Na der kann sich schonmal warm anziehen...


----------



## Heiko (8 Mai 2004)

Ich frag mich nur, warum.
Wenn die Admins zu doof zum patchen sind ist das IMHO nicht zwangsläufig die Schuld des Programmierers.


----------



## Anonymous (8 Mai 2004)

Heiko schrieb:
			
		

> Wenn die Admins zu doof zum patchen



 PC-Anwender  bestehen  nicht nur aus Admins


----------



## Counselor (8 Mai 2004)

Heiko schrieb:
			
		

> Ich frag mich nur, warum.
> Wenn die Admins zu doof zum patchen sind ist das IMHO nicht zwangsläufig die Schuld des Programmierers.


Diese Admins haben den Schaden wohl mitverursacht. Wir werden sehen, wie die Gerichte den Fall handhaben.


----------



## Heiko (8 Mai 2004)

Anonymous schrieb:
			
		

> PC-Anwender  bestehen  nicht nur aus Admins


Richtig.
Aber die haben ist den meisten Fällen keinen - nachweisbaren - Schaden.
Wenn man mal die strafrechtliche Seite außer Acht lässt und rein die zivilrechtliche betrachtet, dann kann nur ein nachgewiesener Schaden ersetzt werden. Und da genau ist das Problem für den Privatmann.
Und selbst wenn er einen nachweisbaren Schaden hat (wenn er z.B. einen Fachmann zum Wiederherstellen des Systems genutzt hat), dann heißt das noch lange nicht, dass er sein Geld auch bekommt.


----------



## technofreak (8 Mai 2004)

http://www.spiegel.de/spiegel/0,1518,299028,00.html


			
				Der Spiegel schrieb:
			
		

> Wurm von der Wümme
> ....
> 
> 
> ...


----------



## stieglitz (8 Mai 2004)

Heiko schrieb:
			
		

> Ich frag mich nur, warum.
> Wenn die Admins zu doof zum patchen sind ist das IMHO nicht zwangsläufig die Schuld des Programmierers.

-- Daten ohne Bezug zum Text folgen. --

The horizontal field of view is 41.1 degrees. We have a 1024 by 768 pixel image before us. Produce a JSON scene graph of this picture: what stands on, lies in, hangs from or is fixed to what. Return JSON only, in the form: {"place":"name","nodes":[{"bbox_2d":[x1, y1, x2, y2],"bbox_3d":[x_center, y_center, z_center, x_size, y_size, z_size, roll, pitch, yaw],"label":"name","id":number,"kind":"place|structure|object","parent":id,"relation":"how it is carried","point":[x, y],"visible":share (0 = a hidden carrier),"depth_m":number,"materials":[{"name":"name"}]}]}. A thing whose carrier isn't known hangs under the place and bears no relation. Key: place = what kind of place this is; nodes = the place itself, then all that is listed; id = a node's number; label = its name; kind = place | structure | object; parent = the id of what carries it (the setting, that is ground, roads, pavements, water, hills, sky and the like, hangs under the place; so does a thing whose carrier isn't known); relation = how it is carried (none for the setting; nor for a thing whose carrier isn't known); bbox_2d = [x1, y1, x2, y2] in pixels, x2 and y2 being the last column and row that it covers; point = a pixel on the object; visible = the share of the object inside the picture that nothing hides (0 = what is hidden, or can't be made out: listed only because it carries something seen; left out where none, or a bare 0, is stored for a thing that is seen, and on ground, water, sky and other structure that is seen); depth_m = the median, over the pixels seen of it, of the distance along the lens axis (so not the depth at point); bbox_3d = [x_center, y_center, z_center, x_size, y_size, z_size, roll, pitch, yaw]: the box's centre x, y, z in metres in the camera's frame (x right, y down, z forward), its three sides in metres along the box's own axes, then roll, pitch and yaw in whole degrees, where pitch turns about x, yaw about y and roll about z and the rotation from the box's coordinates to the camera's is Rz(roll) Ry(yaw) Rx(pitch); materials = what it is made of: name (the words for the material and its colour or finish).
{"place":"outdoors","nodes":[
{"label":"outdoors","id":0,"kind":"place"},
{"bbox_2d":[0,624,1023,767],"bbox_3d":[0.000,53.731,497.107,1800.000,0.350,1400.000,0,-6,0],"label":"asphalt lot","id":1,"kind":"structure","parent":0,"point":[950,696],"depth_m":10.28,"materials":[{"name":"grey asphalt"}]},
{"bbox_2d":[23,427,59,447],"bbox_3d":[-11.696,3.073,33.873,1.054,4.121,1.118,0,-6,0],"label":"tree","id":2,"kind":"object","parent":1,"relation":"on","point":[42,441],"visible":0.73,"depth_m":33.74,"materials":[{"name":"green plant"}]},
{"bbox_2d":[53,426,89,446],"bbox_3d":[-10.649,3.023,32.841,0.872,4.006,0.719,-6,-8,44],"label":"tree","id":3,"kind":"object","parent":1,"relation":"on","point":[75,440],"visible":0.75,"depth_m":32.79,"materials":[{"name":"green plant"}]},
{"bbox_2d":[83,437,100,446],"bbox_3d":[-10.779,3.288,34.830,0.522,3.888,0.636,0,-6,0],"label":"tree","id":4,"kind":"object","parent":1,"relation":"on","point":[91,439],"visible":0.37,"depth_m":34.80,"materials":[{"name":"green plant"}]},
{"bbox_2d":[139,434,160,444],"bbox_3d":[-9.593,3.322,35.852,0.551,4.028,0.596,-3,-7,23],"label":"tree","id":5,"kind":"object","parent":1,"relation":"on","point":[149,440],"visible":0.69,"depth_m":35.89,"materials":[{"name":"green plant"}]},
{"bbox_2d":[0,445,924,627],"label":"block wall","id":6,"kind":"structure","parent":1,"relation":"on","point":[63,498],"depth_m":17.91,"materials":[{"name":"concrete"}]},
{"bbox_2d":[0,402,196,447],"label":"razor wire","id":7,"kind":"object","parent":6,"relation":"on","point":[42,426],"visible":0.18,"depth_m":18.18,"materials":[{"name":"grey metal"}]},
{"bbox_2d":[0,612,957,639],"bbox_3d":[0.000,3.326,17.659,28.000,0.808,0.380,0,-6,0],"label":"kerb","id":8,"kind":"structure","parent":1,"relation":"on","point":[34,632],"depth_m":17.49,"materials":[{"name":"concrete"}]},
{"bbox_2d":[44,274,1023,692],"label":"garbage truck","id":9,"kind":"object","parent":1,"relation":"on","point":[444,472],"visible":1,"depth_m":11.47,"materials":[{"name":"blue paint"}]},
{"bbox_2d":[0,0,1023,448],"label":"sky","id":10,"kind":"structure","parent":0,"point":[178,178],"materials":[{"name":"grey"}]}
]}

Lieber Heiko, es mag der Fall sein, dass es doofe Admins gibt.
In der Regel sind sie aber inzwischen so sensibiliert, dass sie das Möglichste tun, um vor Malware geschützt zu sein. Es gibt diverse Gründe,
warum nicht immer die neuesten Patches eingespielt werden. Zudem kommen im Bereicht der Wurmer täglich gleich mehrere Varianten in den Umlauf.
Selbst bei stündlichem update der AV-Software kann es nicht ausbleiben,
dass ein Wurm die AV unterläuft. Und ein depperter Anwender klickt darauf. In komplexen Umgebungen ist es nicht immer möglich das neueste Update einzuspielen, weil dann in der Regel ein Restart erforderlich ist. Und das geht eben nicht immer!

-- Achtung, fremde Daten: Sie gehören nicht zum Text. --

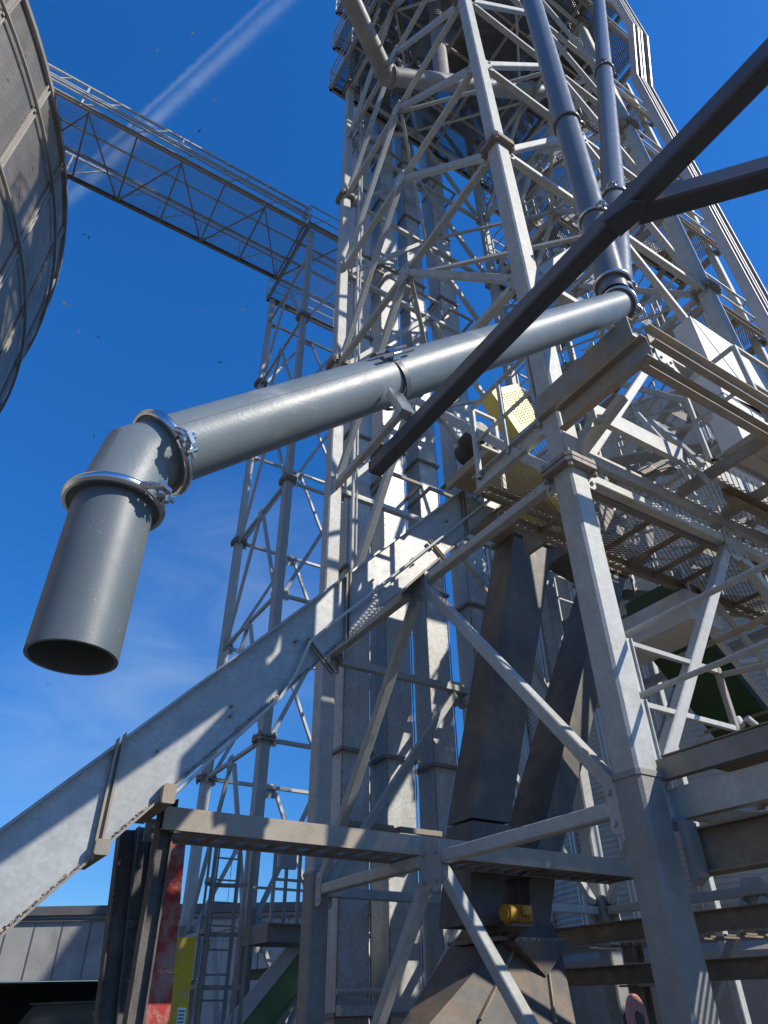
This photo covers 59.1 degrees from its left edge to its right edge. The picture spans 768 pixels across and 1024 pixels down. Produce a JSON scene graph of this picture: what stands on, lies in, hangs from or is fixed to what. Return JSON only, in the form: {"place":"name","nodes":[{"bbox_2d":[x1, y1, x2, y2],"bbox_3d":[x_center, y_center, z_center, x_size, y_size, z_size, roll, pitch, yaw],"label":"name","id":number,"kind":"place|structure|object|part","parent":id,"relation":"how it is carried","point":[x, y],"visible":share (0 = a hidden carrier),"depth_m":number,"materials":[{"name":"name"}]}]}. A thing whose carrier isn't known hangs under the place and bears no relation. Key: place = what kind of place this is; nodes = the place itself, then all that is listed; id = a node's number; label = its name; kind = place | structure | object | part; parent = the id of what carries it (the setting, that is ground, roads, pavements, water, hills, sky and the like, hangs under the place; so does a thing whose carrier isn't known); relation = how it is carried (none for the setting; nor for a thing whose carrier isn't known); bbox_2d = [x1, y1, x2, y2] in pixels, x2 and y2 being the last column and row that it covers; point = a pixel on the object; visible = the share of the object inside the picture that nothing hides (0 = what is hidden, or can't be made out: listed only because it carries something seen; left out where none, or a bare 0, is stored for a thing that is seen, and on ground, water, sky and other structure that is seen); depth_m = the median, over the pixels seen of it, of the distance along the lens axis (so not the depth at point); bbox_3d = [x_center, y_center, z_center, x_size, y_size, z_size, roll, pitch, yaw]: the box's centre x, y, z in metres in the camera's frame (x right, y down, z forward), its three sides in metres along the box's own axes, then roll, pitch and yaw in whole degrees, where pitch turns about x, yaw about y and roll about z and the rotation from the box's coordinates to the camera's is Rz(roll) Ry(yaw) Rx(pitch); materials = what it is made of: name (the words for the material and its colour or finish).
{"place":"outdoors","nodes":[
{"label":"outdoors","id":0,"kind":"place"},
{"bbox_2d":[177,230,405,1023],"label":"catwalk tower","id":1,"kind":"structure","parent":0,"point":[264,740],"depth_m":15.06,"materials":[{"name":"grey metal"}]},
{"bbox_2d":[48,63,337,280],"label":"catwalk bridge","id":2,"kind":"structure","parent":1,"relation":"on","point":[89,110],"depth_m":21.12,"materials":[{"name":"metal"}]},
{"bbox_2d":[250,968,267,979],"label":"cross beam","id":3,"kind":"structure","parent":1,"relation":"attached to","point":[256,974],"depth_m":11.90,"materials":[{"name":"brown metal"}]},
{"bbox_2d":[266,204,398,328],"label":"tower platform","id":4,"kind":"structure","parent":1,"relation":"on","point":[323,232],"depth_m":23.67,"materials":[{"name":"metal"}]},
{"bbox_2d":[0,0,767,981],"label":"sky","id":5,"kind":"structure","parent":0,"point":[139,285],"materials":[{"name":"blue"}]},
{"label":"ground","id":6,"kind":"structure","parent":0,"visible":0},
{"bbox_2d":[0,0,67,412],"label":"grain silo","id":7,"kind":"object","parent":6,"relation":"on","point":[33,200],"visible":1,"depth_m":18.11,"materials":[{"name":"grey metal"}]},
{"bbox_2d":[18,1000,95,1023],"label":"truck","id":8,"kind":"object","parent":6,"relation":"on","point":[74,1012],"visible":0.34,"depth_m":9.03,"materials":[{"name":"paint"}]},
{"bbox_3d":[-4.300,6.791,8.952,1.000,0.320,0.012,-1,-36,0],"label":"rear window","id":9,"kind":"part","parent":8,"relation":"part of","materials":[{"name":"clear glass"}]},
{"bbox_2d":[80,783,178,1023],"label":"conveyor trestle","id":10,"kind":"object","parent":6,"relation":"on","point":[140,867],"visible":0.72,"depth_m":5.39,"materials":[{"name":"metal"}]},
{"bbox_2d":[0,489,512,937],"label":"drag conveyor","id":11,"kind":"object","parent":10,"relation":"on","point":[47,841],"visible":0.84,"depth_m":5.61,"materials":[{"name":"metal"}]},
{"bbox_2d":[439,530,555,929],"bbox_3d":[1.710,2.163,9.465,2.330,6.279,0.614,20,-41,-25],"label":"square chute","id":12,"kind":"object","parent":11,"relation":"attached to","point":[482,800],"visible":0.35,"depth_m":8.63,"materials":[{"name":"grey metal"}]},
{"bbox_2d":[145,844,184,1023],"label":"red post","id":13,"kind":"object","parent":6,"relation":"on","point":[159,1003],"depth_m":5.95,"materials":[{"name":"metal"}]},
{"bbox_2d":[169,937,196,1023],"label":"yellow post","id":14,"kind":"object","parent":6,"relation":"on","point":[184,964],"visible":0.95,"depth_m":6.25,"materials":[{"name":"metal"}]},
{"bbox_2d":[0,900,425,1023],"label":"warehouse","id":15,"kind":"structure","parent":6,"relation":"on","point":[60,947],"depth_m":20.34,"materials":[{"name":"grey metal"}]},
{"bbox_2d":[187,847,256,1023],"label":"caged ladder","id":16,"kind":"object","parent":6,"relation":"on","point":[200,987],"visible":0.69,"depth_m":9.83,"materials":[{"name":"metal"}]},
{"bbox_2d":[241,851,302,947],"bbox_3d":[-1.317,5.787,10.288,1.275,1.331,0.981,20,-41,-25],"label":"ladder landing","id":17,"kind":"object","parent":16,"relation":"attached to","point":[282,934],"visible":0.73,"depth_m":9.77,"materials":[{"name":"metal"}]},
{"bbox_2d":[277,854,296,869],"bbox_3d":[-1.560,5.548,10.965,0.300,0.400,0.100,20,-41,-25],"label":"control box","id":18,"kind":"object","parent":17,"relation":"attached to","point":[286,861],"visible":0.54,"depth_m":10.87,"materials":[{"name":"grey metal"}]},
{"bbox_2d":[223,948,299,1023],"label":"green leg conveyor","id":19,"kind":"object","parent":6,"relation":"on","point":[270,997],"visible":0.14,"depth_m":9.93,"materials":[{"name":"metal"}]},
{"bbox_2d":[324,9,441,1023],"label":"bucket elevator","id":20,"kind":"object","parent":6,"relation":"on","point":[348,991],"visible":0.41,"depth_m":10.05,"materials":[{"name":"metal"}]},
{"bbox_2d":[390,28,514,983],"bbox_3d":[1.263,-5.849,17.962,1.750,34.000,1.015,20,-41,-25],"label":"bucket elevator","id":21,"kind":"object","parent":6,"relation":"on","point":[436,770],"visible":0.39,"depth_m":12.85,"materials":[{"name":"metal"}]},
{"bbox_2d":[402,920,575,1023],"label":"receiving hopper","id":22,"kind":"object","parent":6,"relation":"on","point":[460,987],"visible":0.86,"depth_m":6.66,"materials":[{"name":"metal"}]},
{"bbox_2d":[485,870,543,942],"bbox_3d":[1.856,4.251,7.349,1.568,0.889,0.743,4,-36,-6],"label":"gear motor","id":23,"kind":"object","parent":22,"relation":"attached to","point":[517,919],"visible":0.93,"depth_m":7.00,"materials":[{"name":"metal"}]},
{"bbox_2d":[502,502,653,925],"bbox_3d":[3.067,2.597,10.271,3.912,6.434,1.200,20,-41,-25],"label":"square chute","id":24,"kind":"object","parent":22,"relation":"on","point":[549,780],"visible":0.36,"depth_m":9.33,"materials":[{"name":"grey metal"}]},
{"bbox_2d":[296,0,767,1023],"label":"support tower","id":25,"kind":"structure","parent":6,"relation":"on","point":[636,808],"depth_m":8.46,"materials":[{"name":"grey metal"}]},
{"bbox_2d":[142,806,632,884],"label":"steel beam","id":26,"kind":"structure","parent":25,"relation":"attached to","point":[196,827],"depth_m":6.25,"materials":[{"name":"metal"}]},
{"bbox_2d":[340,0,545,101],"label":"cross spout","id":27,"kind":"object","parent":25,"relation":"attached to","point":[388,75],"visible":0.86,"depth_m":15.42,"materials":[{"name":"grey metal"}]},
{"bbox_2d":[335,0,590,122],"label":"service deck","id":28,"kind":"structure","parent":25,"relation":"on","point":[338,9],"depth_m":24.32,"materials":[{"name":"metal"}]},
{"bbox_2d":[332,0,620,144],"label":"service deck","id":29,"kind":"structure","parent":25,"relation":"attached to","point":[608,3],"depth_m":22.29,"materials":[{"name":"metal"}]},
{"bbox_2d":[328,0,630,222],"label":"service deck","id":30,"kind":"structure","parent":25,"relation":"attached to","point":[333,88],"depth_m":20.16,"materials":[{"name":"metal"}]},
{"bbox_2d":[411,0,616,125],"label":"head machinery","id":31,"kind":"object","parent":30,"relation":"on","point":[422,48],"visible":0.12,"depth_m":20.80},
{"bbox_2d":[499,193,581,308],"bbox_3d":[4.373,-6.763,18.601,1.552,2.418,2.505,20,-41,-25],"label":"landing","id":32,"kind":"object","parent":25,"relation":"attached to","point":[573,229],"visible":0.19,"depth_m":17.99,"materials":[{"name":"metal"}]},
{"bbox_2d":[468,316,767,625],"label":"access platform","id":33,"kind":"structure","parent":25,"relation":"attached to","point":[614,358],"depth_m":6.93,"materials":[{"name":"metal"}]},
{"bbox_2d":[446,384,563,555],"bbox_3d":[1.667,-0.883,8.992,1.300,2.454,1.200,20,-41,-25],"label":"drive guard","id":34,"kind":"object","parent":33,"relation":"on","point":[520,417],"visible":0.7,"depth_m":8.92,"materials":[{"name":"metal"}]},
{"bbox_2d":[622,551,767,737],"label":"green conveyor","id":35,"kind":"object","parent":33,"relation":"attached to","point":[672,634],"visible":0.65,"depth_m":8.41,"materials":[{"name":"metal"}]},
{"bbox_2d":[673,316,767,528],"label":"duct box","id":36,"kind":"object","parent":33,"relation":"on","point":[690,332],"visible":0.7,"depth_m":9.36,"materials":[{"name":"white metal"}]},
{"bbox_2d":[624,560,767,885],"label":"scale deck","id":37,"kind":"structure","parent":25,"relation":"attached to","point":[739,754],"depth_m":4.45,"materials":[{"name":"metal"}]},
{"bbox_2d":[368,38,767,476],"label":"spout boom","id":38,"kind":"object","parent":37,"relation":"attached to","point":[650,193],"visible":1,"depth_m":2.42,"materials":[{"name":"paint"}]},
{"bbox_2d":[23,0,644,675],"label":"grain spout","id":39,"kind":"object","parent":38,"relation":"attached to","point":[145,466],"visible":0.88,"depth_m":3.05,"materials":[{"name":"paint"}]},
{"bbox_2d":[482,66,767,1023],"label":"stair tower","id":40,"kind":"structure","parent":6,"relation":"on","point":[652,462],"depth_m":14.44,"materials":[{"name":"metal"}]},
{"bbox_2d":[484,388,767,1023],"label":"grain silo","id":41,"kind":"object","parent":6,"relation":"on","point":[589,1005],"visible":0.07,"depth_m":17.08,"materials":[{"name":"metal"}]},
{"bbox_2d":[555,902,767,1023],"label":"frame","id":42,"kind":"object","parent":6,"relation":"on","point":[750,916],"visible":0.62,"depth_m":7.94,"materials":[{"name":"grey metal"}]},
{"bbox_2d":[623,994,648,1023],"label":"hose reel","id":43,"kind":"object","parent":42,"relation":"attached to","point":[635,1012],"visible":1,"depth_m":5.23,"materials":[{"name":"pink plastic"}]},
{"bbox_2d":[611,0,767,341],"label":"cable tray","id":44,"kind":"object","parent":6,"relation":"on","point":[752,295],"visible":0.8,"depth_m":12.33,"materials":[{"name":"grey metal"}]},
{"bbox_2d":[622,0,767,305],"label":"cable tray","id":45,"kind":"object","parent":6,"relation":"on","point":[646,60],"visible":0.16,"depth_m":14.68,"materials":[{"name":"grey metal"}]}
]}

Und der letzte Satz von Dir, wenn ich ihn richtig verstanden hab,
kann ich schon garnicht akzeptieren. Der verharmlosend genannte "Programmierer" programmiert explizit Malware um anderen zu schaden. 
Soll doch der Kunde am Bankautomat einen Stahlhelm aufsetzen, dann
stört ihn auch der Basketballschläger nicht, wenn man mit ihm auf seinen Kopf haut.
Im übrigen wurde diese Diskusion schon tausendfach bei Heise diskutiert, ich wollte es aber hier nicht so stehen lassen.

Gruß
Stieglitz


----------



## Counselor (8 Mai 2004)

stieglitz schrieb:
			
		

> Es gibt diverse Gründe,  warum nicht immer die neuesten Patches eingespielt werden.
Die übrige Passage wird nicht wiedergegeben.